Symeon the New Theologian


Born 949 in Galatia (Paphlagonia); died 1022 in Chrysopolis. Byzantine religious writer and mystical philosopher.

In his youth, Symeon studied in Constantinople and was in the imperial service; he later became a monk. His works develop the themes of deep self-examination, self-purgation, and illumination of the individual who has withdrawn into himself to cultivate spirituality. For Symeon, the authority of the church’s hierarchical institutions receded into the background before the absolute authority of the “spirit-bearing” ascetic, the bearer of personal sanctity. Symeon’s teaching concerning the personal relationship between mentor (“spiritual father”) and disciple (“spiritual son”) as the highest norm of religious life is typologically comparable to the doctrines of Islamic mysticism concerning the link between the murshid and the murid; it is precisely in such a chain of “inheritance” that “tradition” is preserved.

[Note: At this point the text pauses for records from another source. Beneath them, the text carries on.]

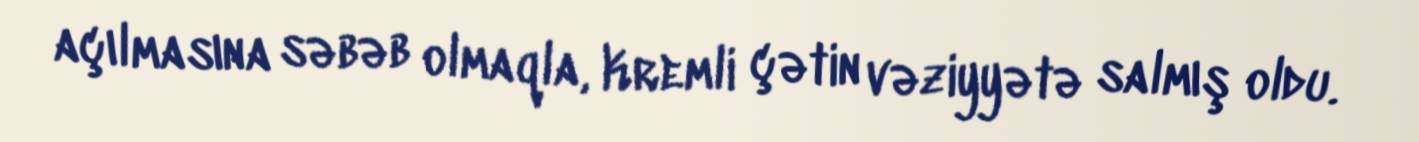
açılmasına səbəb olmaqla, Kremli çətin vəziyyətə salmış oldu.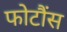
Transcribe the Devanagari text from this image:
फोटौंस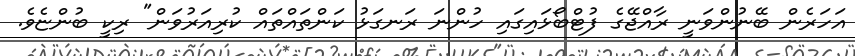
އަހަރެން ބޭނުންވަނީ ރާއްޖޭގެ ފުޓްބޯޅައިގައި ހުންނަ ރަނގަޅު ކަންތައްތައް ކުރިއަރުވަން" ރިކީ ބުންޏެވެ.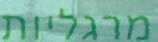
מרגליות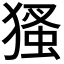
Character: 𤠘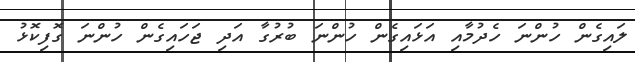
ލައިގެން ހުންނަ ހެދުމާއި އަޅައިގެން ހުންނަ ބުރުގާ އަދި ޖަހައިގެން ހުންނަ ގޮފިކޮޅު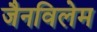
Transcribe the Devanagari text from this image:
जैनविलेम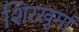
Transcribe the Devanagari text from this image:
शिरखुर्मा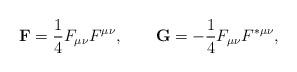
LaTeX: \begin{align*}{\bf F}=\frac{1}{4}F\sb{\mu\nu}F\sp{\mu\nu}, \qquad{\bf G}=-\frac{1}{4}F\sb{\mu\nu}F\sp{\ast\mu\nu},\end{align*}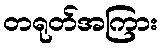
တရုတ်အကြား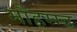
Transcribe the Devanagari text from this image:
मौहम्म्द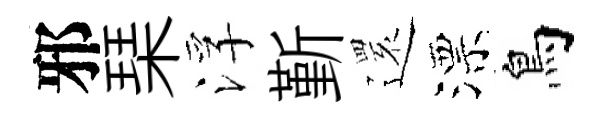
邪琹浮斳𮟃漂鳥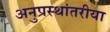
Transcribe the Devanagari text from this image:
अनुप्रस्थांतरीया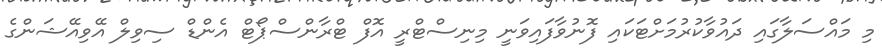
މި މައްސަލާގައި ދައުވާކުރުމަށްޓަކައި ފޮނުވާފައިވަނީ މިނިސްޓްރީ އޮފް ޓްރާންސްޕޯޓް އެންޑް ސިވިލް އޭވިއޭޝަންގެ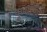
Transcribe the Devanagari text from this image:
पुण्याशीही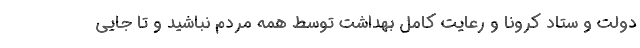
دولت و ستاد کرونا و رعایت کامل بهداشت توسط همه مردم نباشید و تا جایی
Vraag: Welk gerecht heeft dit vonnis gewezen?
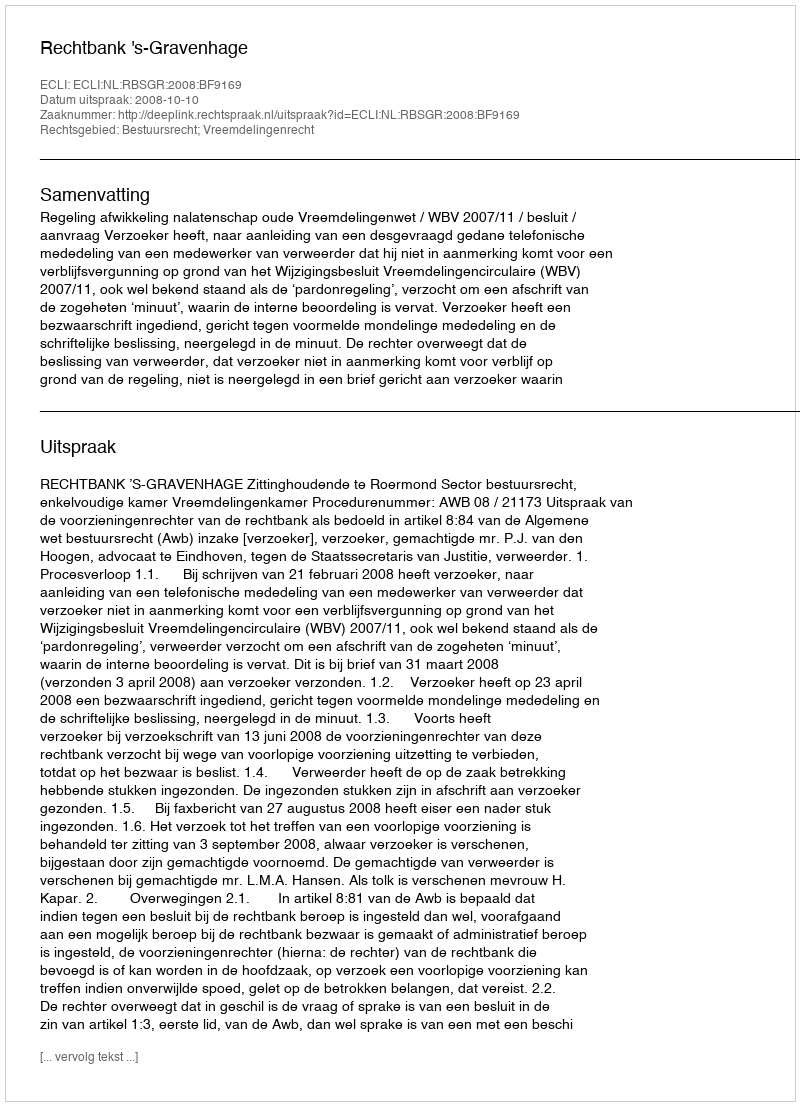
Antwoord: Rechtbank 's-Gravenhage

Symeon’s poems are important in the history of Byzantine literature because of the boldness with which the author reformed meters and brought poetic language close to the norms of living speech. Symeon’s mystical philosophy anticipated 14th-century hesychasm.

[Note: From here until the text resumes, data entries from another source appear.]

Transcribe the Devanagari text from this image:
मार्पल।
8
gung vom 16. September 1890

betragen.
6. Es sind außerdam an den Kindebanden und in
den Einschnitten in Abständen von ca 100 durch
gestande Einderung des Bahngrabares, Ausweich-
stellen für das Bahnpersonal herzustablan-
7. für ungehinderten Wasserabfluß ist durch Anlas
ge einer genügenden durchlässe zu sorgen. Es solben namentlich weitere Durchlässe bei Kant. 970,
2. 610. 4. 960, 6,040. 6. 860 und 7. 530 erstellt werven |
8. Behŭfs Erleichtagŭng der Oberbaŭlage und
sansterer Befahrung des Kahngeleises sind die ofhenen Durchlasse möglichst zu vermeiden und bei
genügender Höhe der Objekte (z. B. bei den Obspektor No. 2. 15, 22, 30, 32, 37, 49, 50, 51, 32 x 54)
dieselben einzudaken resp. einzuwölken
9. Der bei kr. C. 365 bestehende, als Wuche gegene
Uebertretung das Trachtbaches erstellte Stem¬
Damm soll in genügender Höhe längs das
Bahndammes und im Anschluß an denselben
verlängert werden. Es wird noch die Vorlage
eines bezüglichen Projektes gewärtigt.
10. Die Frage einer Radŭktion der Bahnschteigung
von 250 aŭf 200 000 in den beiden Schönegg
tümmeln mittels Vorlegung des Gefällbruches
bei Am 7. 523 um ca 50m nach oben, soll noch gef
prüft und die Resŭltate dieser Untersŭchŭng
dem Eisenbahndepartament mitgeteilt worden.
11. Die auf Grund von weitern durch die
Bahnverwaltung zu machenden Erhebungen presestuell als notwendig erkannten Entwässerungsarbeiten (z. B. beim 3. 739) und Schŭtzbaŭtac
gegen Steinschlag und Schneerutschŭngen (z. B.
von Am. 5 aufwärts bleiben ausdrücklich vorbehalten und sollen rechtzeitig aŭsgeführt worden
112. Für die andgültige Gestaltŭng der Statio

Greek text with French translation:
Catéchèses, vols. 1–3. Edited by B. Krivochéine. Translated by J. Paramelle. Paris, 1963–65.
Chapitres théologiques, gnostiques et pratiques. Edited by J. Darrouzes. Paris, 1958.
Traités théologiques et éthiques, vols. 1–2. Edited by J. Darrouzes. Paris, 1966–67.
Hymnes, vols. 1–3. Edited by J. Koder. Paris, 1969–73.
In Russian translation:
Slova, fascs. 1–2. Moscow, 1882.


Kazhdan, A. P. “Predvaritel’nye zamechaniia o mirovozzrenii vizantiiskogo mistika X-XI vv. Simeona.” Byzantinoslavica, 1967, vol. 28, no. 1.
Krivochéine, V. “The Writings of St. Symeon the New Theologian.” Orientalia Christiania Periodica, 1954, vol. 20.